Solar Cells: Costs, Challenges, and Design

Over the past 20 years, the costs associated with solar cells, the structures capable of converting light energy into electricity, have been steadily decreasing. The National Renewable Energy Laboratory, a US government lab that studies solar cell technology, estimates contributors to the increasing affordability of solar. They estimate that hard costs, the costs of the physical solar cell hardware, and soft costs, which include labor or costs to obtain required government permits, are about equal (Figure 1). Soft costs have decreased because there are more potential consumers and more installation experts for new solar cells, so companies can produce solar cells in bulk and install them easily. Hard costs are less than half of what they were in the year 2000, mostly due to decreasing material costs and an increased ability of cells to capture light. Engineering more cost-effective and efficient solar cells has required careful consideration of the physics involved in solar capture in addition to innovative design.

Figure 1: Costs associated with solar power. Solar cells become less expensive when the cost of the labor and materials use to build them go down, or when they become better at turning incoming light into electricity.

Because solar cells are used to convert light into electricity, they need to be composed of some material that’s good at capturing energy from light. This material can be sandwiched between two metal plates which carry the electricity captured from light energy to where it is needed, like the lights of a home or machines of a factory (Figure 2). Choosing the right material to capture light involves measuring the difference between two energy levels called the valence band and the conduction band. The lower-energy valence band is filled with many small negatively charged particles called electrons, but the higher-energy conduction band is mostly empty. When electrons are hit with particles of light, called photons, they can absorb enough energy to jump from the low-energy conduction band into the high-energy valence band. Once in the valence band, the extra energy in the electron can be harvested as electricity. It’s as if the electrons are sitting at the bottom of a hill (the conduction band) and being hit by a photon that gives them the energy to leap to the top (the valance band).

The amount of energy needed for electrons to jump into the valence band depends on the type of material. Essentially, the size of the metaphorical hill varies based on the properties of a given material. The size of this energy gap matters because it impacts how efficiently solar cells convert light into electricity. Specifically, if photons hit the electrons with less energy than the electron needs to jump from the valence band to the conduction band, none of the light’s energy is captured. Alternatively, If the light has more energy than is needed to overcome that gap, then the electron captures the precise energy it needs and wastes the remainder. Both of these scenarios lead to inefficiencies in solar harvesting, making the choice of solar cell material an important one.
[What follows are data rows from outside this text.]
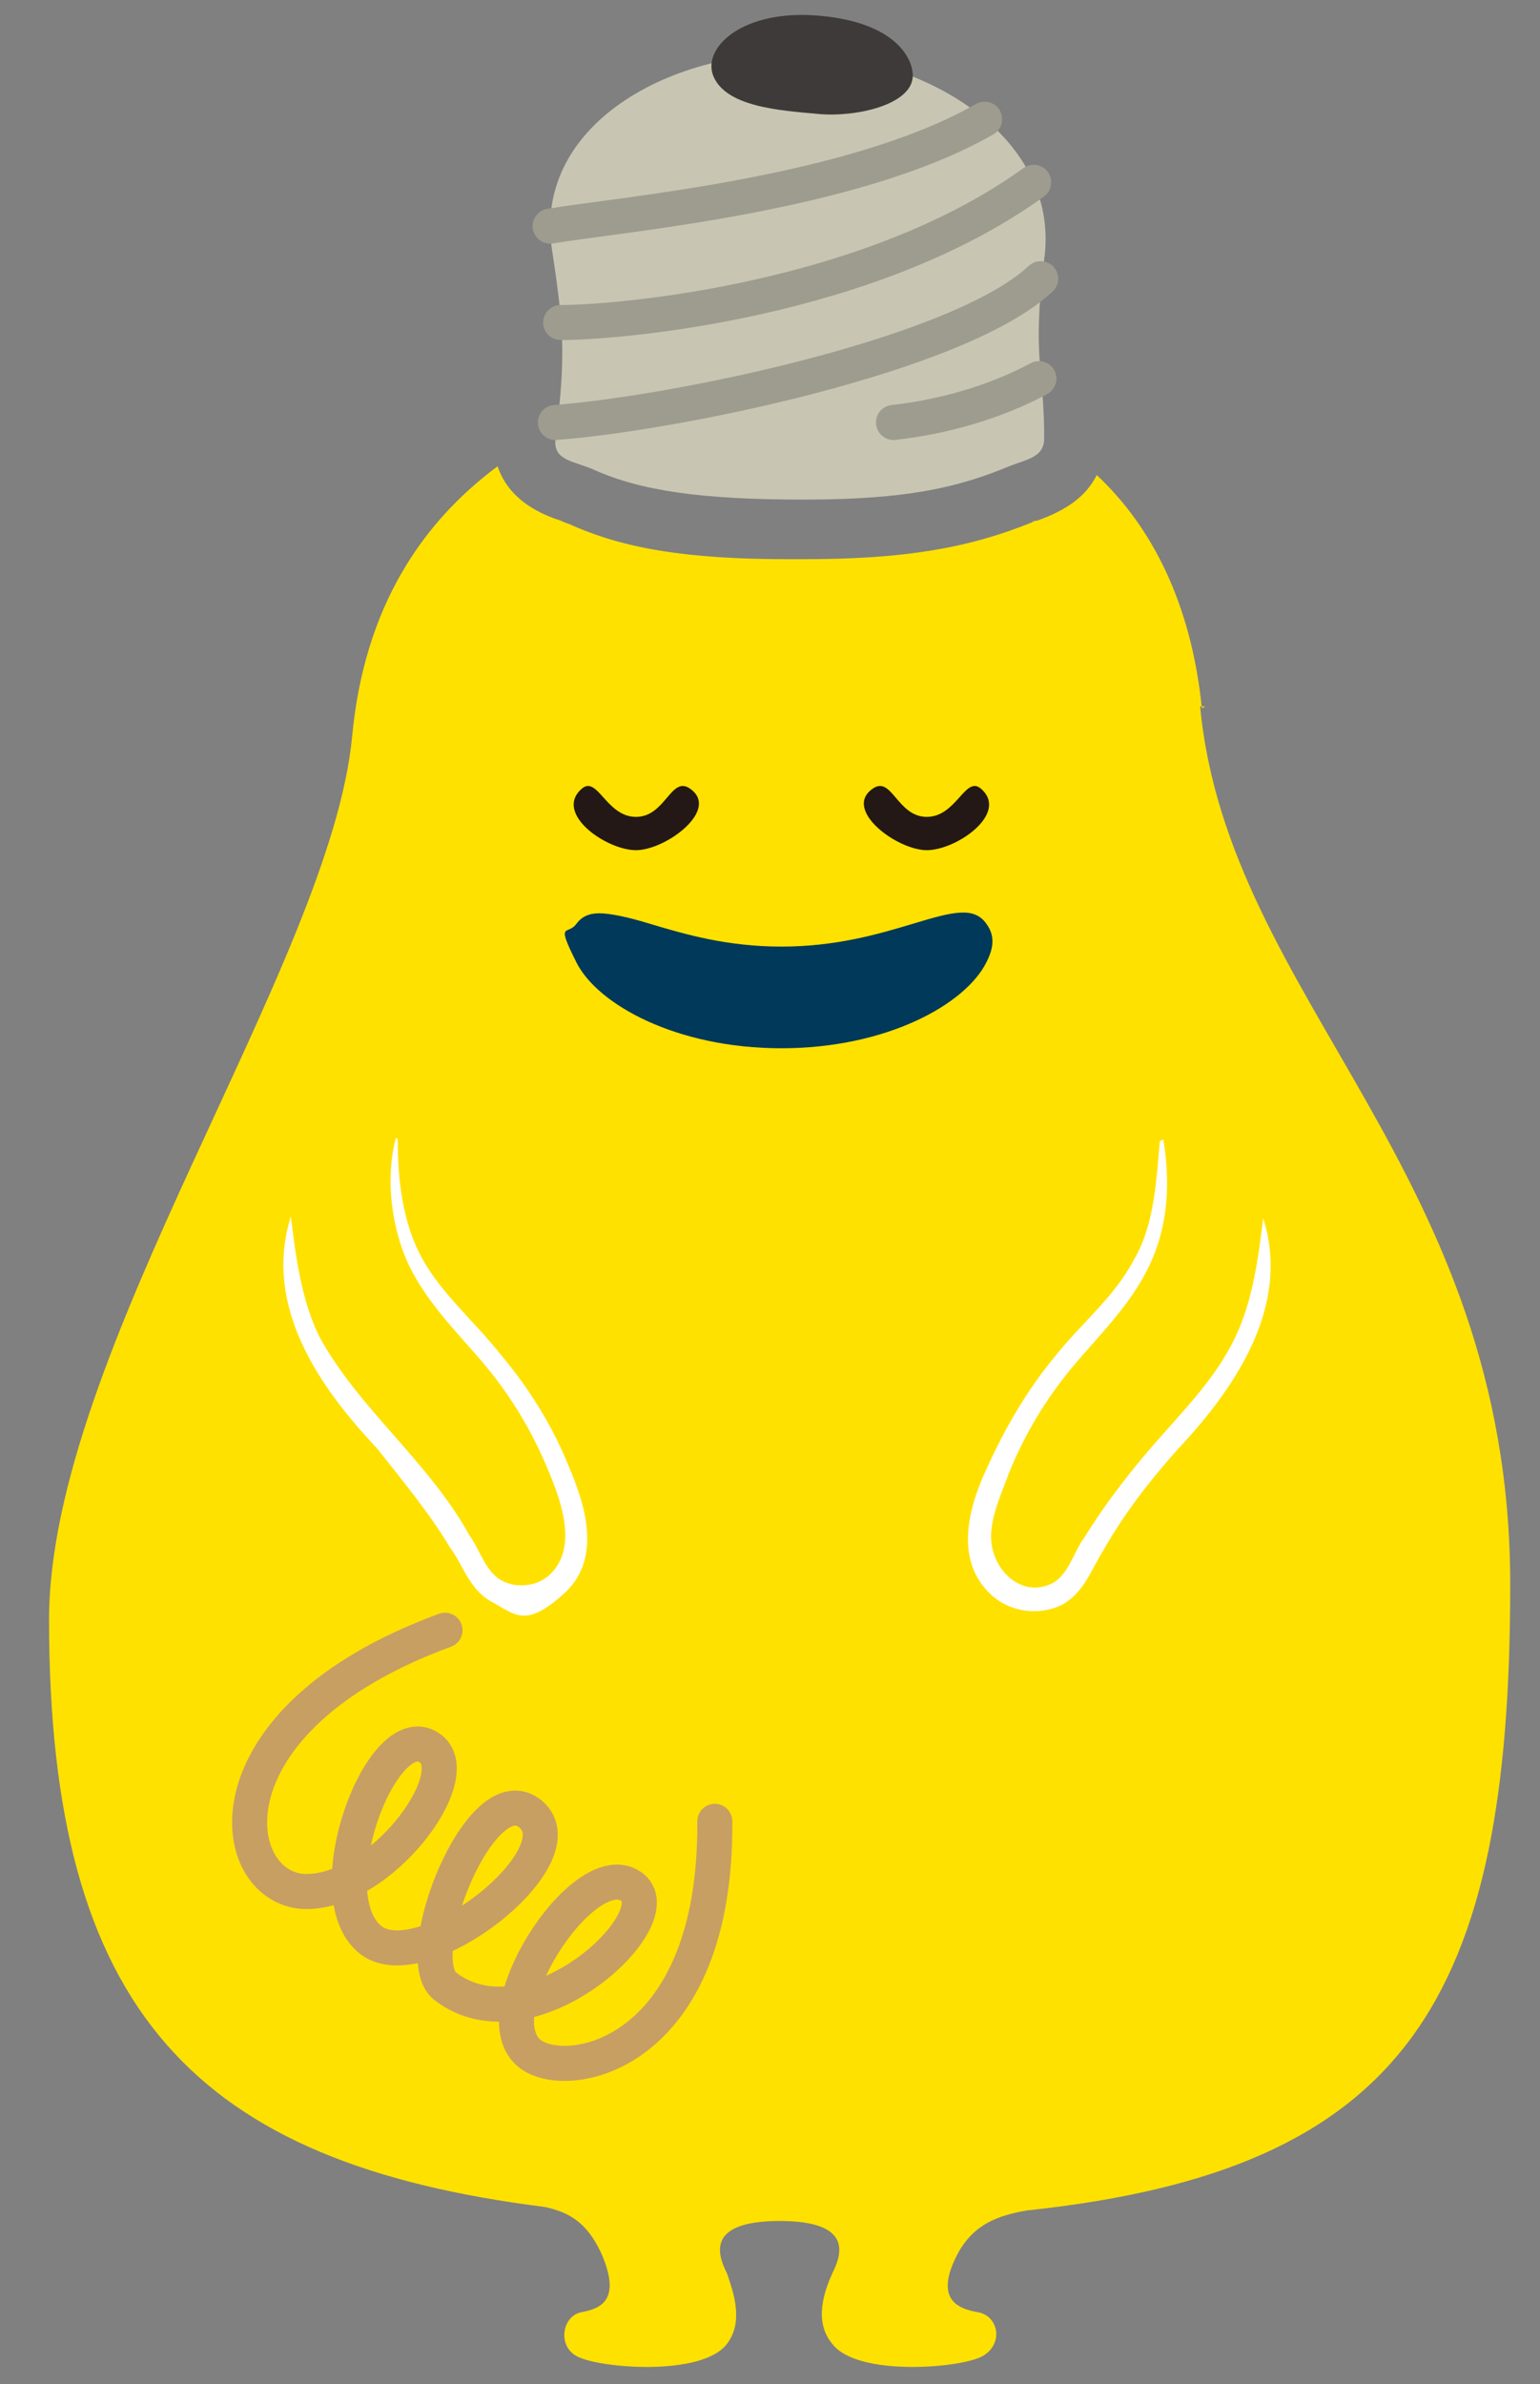 <?xml version="1.0" encoding="UTF-8"?>
<svg id="_レイヤー_1" xmlns="http://www.w3.org/2000/svg" version="1.1" viewBox="0 0 87.9 136">
  <rect x="0" y="0" width="87.9" height="136" fill="#808080" stroke="none"/>
  <!-- Generator: Adobe Illustrator 29.6.1, SVG Export Plug-In . SVG Version: 2.1.1 Build 9)  -->
  <defs>
    <style>
      .st0, .st1, .st2 {
        fill: none;
      }

      .st3 {
        fill: #ffe100;
      }

      .st4 {
        fill: #003959;
      }

      .st5 {
        fill: #c8c5b2;
      }

      .st6 {
        fill: #3e3a39;
      }

      .st1 {
        stroke: #c79f62;
      }

      .st1, .st2 {
        stroke-linecap: round;
        stroke-miterlimit: 10;
        stroke-width: 2px;
      }

      .st7 {
        fill: #231815;
      }

      .st8 {
        fill: #fff;
      }

      .st2 {
        stroke: #9e9c8e;
      }
    </style>
  </defs>
  <g>
    <path class="st3" d="M68.6,40.4c-.6-5.9-2.8-10.3-6-13.3-.6,1.2-1.7,2-3.4,2.6,0,0-.2,0-.3.1-3.7,1.5-7.4,2.1-13,2.1h-.9c-5.8,0-9.4-.6-12.5-2,0,0-.3-.1-.5-.2-2.2-.7-3.2-1.9-3.6-3.1-4.3,3.2-7.6,8-8.3,15.4-1.2,12.9-17.3,35.2-17.3,50.4,0,22.4,8.4,31,28.3,33.5,1.4.3,2.4.9,3.2,2.6,1.2,2.7,0,3.2-1.1,3.4s-1.4,1.9-.3,2.5c1.2.7,7.2,1.2,8.6-.7,1-1.3.3-3.1,0-4-.5-1-1.3-3,3-3s3.5,2,3,3c-.4.9-1.1,2.7,0,4,1.4,1.9,7.4,1.4,8.6.7,1.2-.7.9-2.3-.3-2.5s-2.5-.8-1.1-3.4c.9-1.6,2.2-2.1,3.9-2.4h0c21.7-2.3,27.6-12,27.6-35.7s-16.1-33.3-17.7-50.1h.3Z"/>
    <path class="st0" d="M56.1,14.4c.2-1.4-.2-2.6-1.2-3.8-1.7-2.1-5-3.7-8.5-3.9-4.1-.3-8.2,1-10.2,3.2-1.1,1.1-1.5,2.4-1.3,3.9v.3c.6,3.9.7,5.9.4,9.3,3.8-1.2,7.9-1.7,11.5-1.7s6.3.5,9.1,1.5v-1c-.2-1.9-.3-3.6.3-7.8h-.1Z"/>
    <path class="st3" d="M35.3,23.3v.4c2.3,1,5.4,1.4,10.5,1.3,5.5,0,8.2-.8,10.2-1.5v-.4c-2.8-1-5.9-1.5-9.1-1.5s-7.6.5-11.5,1.7h-.1Z"/>
  </g>
  <path class="st7" d="M39.4,45c1.7,1.2-1.4,3.5-3.1,3.5s-4.7-2.1-3.1-3.5c.9-.8,1.4,1.6,3.1,1.6s2-2.4,3.1-1.6"/>
  <path class="st7" d="M49.8,45c-1.7,1.2,1.4,3.5,3.1,3.5s4.7-2.1,3.1-3.5c-.9-.8-1.4,1.6-3.1,1.6s-2-2.4-3.1-1.6"/>
  <path class="st4" d="M56.3,54.9c-1.2,2.4-5.7,4.9-11.7,4.9s-10.5-2.5-11.7-4.9-.5-1.5,0-2.2c.3-.4.7-.6,1.3-.6s1.6.2,2.9.6c2,.6,4.4,1.3,7.5,1.3s5.5-.7,7.5-1.3c2.3-.7,3.5-1,4.2,0,.6.8.3,1.6,0,2.2"/>
  <path class="st1" d="M25.4,93c-13.9,5.1-12.5,14.6-8.1,14.9,4.4.2,9.5-6.7,7.2-8.2-2.7-1.8-6.6,8.5-3.3,11,3,2.2,11.9-4.8,9.1-7.2s-7,8.1-4.9,9.8c4.9,3.8,13.2-4,10.6-5.7-2.7-1.8-8.7,7.4-5.7,9.6,2.2,1.6,10.6,0,10.5-13.3"/>
  <path class="st5" d="M31.5,14.2c.7,4.6.8,6.2.2,10.9-.1,1.2,1.1,1.2,2.2,1.7,2.7,1.2,6.1,1.7,12,1.7s8.8-.7,11.7-1.9c1-.4,2-.5,2-1.6,0-4.1-.7-4.5,0-10.2.9-6.5-5.8-11.1-12.9-11.7-7.9-.6-16.3,3.8-15.2,11.1"/>
  <path class="st2" d="M31.4,12.9c4.2-.7,17.3-1.8,24.8-6.1"/>
  <path class="st2" d="M32,18.4c3.3,0,17.6-1.2,27-8"/>
  <path class="st2" d="M31.7,24.1c6.7-.5,23-3.8,27.7-8.2"/>
  <path class="st2" d="M51,24.1c2.7-.3,5.7-1.1,8.3-2.5"/>
  <path class="st6" d="M52.1,4.3c0,1.7-3.3,2.4-5.4,2.2-2.2-.2-5.3-.4-6-2.2-.6-1.6,1.7-3.8,6.1-3.4,4.4.4,5.3,2.5,5.3,3.4"/>
  <path class="st8" d="M22.7,65c0,2.4.3,4.8,1.4,6.8s3,3.6,4.5,5.5c1.6,1.9,2.9,4,3.8,6.2,1,2.3,2,5.4-.2,7.4s-2.8,1.2-4.1.5c-1.3-.7-1.6-2-2.4-3.1-1.2-2-2.7-3.8-4.2-5.7-3.3-3.5-6.5-8.1-4.9-13.2.3,2.4.6,4.7,1.6,6.8,2.2,4.1,6.3,7.2,8.6,11.4.6.8.9,2.1,1.9,2.6.8.4,1.9.3,2.6-.3,1.7-1.5.8-4.1,0-6-.9-2.2-2.1-4.2-3.6-6s-3.3-3.5-4.4-5.8c-1-2.2-1.3-5-.7-7.2"/>
  <path class="st8" d="M66.4,65c.4,2.4.3,4.9-.8,7.2-1.1,2.3-2.9,4-4.4,5.8s-2.7,3.8-3.6,6c-.4,1.1-.9,2.2-1,3.2-.3,2.1,1.6,4.1,3.5,3.1.9-.5,1.2-1.8,1.8-2.6,1.3-2.1,2.8-4,4.4-5.8s3.2-3.5,4.2-5.6,1.3-4.4,1.6-6.8c1.6,5-1.6,9.7-4.9,13.2-1.6,1.8-3,3.6-4.2,5.7-.7,1.1-1.1,2.4-2.3,3.1-1.3.7-3,.5-4.1-.5-2.2-2-1.3-5.1-.2-7.4,1-2.2,2.3-4.4,3.8-6.2,1.5-1.9,3.4-3.4,4.5-5.5,1.2-2,1.3-4.6,1.5-6.8"/>
</svg>

Historically, silicon has been the most popular material for solar cells (Figure 2). One reason for this popularity lies in the size of the gap between silicon’s conduction and valence bands, as the energy of most light particles is very close to the energy needed by silicon’s electrons to jump the energy gap. Theoretically, about 32% of light energy could be converted into electric energy with a silicon solar cell. This may not seem like a lot, but it is significantly more efficient than most other materials. Additionally, silicon is also inexpensive. It is one of the most abundant elements on earth, and the cost of refining it has decreased dramatically since 1980. The solar cell and electronics industries have driven the decrease in purification cost as they have learned better bulk purification techniques to drive the demand of solar cells and consumer electronics.

Figure 2: Light energy capture in solar cells. When light hits a solar cell, it causes it causes electrons to jump into a conduction band, allowing the light energy to be harvested. Here yellow electrons (labeled e) move through the silicon atoms (labeled Si) in the solar cell when hit by a photon.

In addition to decreasing material costs, clever engineering tricks are pushing the efficiency of silicon solar cells closer to their theoretical maximum. In order for photons to be converted into energy, they must first collide with an electron. One trick to increase the likelihood of a photon/electron collision involves patterning the silicon in solar cells in microscopic pyramid shapes. When light is absorbed into a pyramid, it travels further, increasing the probability that the light will collide with the electrons in the silicon before escaping the cell.

In a similar tactic, chemists and material scientists have designed anti-reflective coatings to put on the front of solar cells to prevent useful light from being reflected back into space without ever hitting an electron in the solar cell. Likewise, putting a reflector on the back of the solar cell also allows more light to be harvested. The light that reaches the solar cell and makes it all the way through to the back without hitting an electron gets bounced to the front of the cell, giving the cell another chance of collecting the light.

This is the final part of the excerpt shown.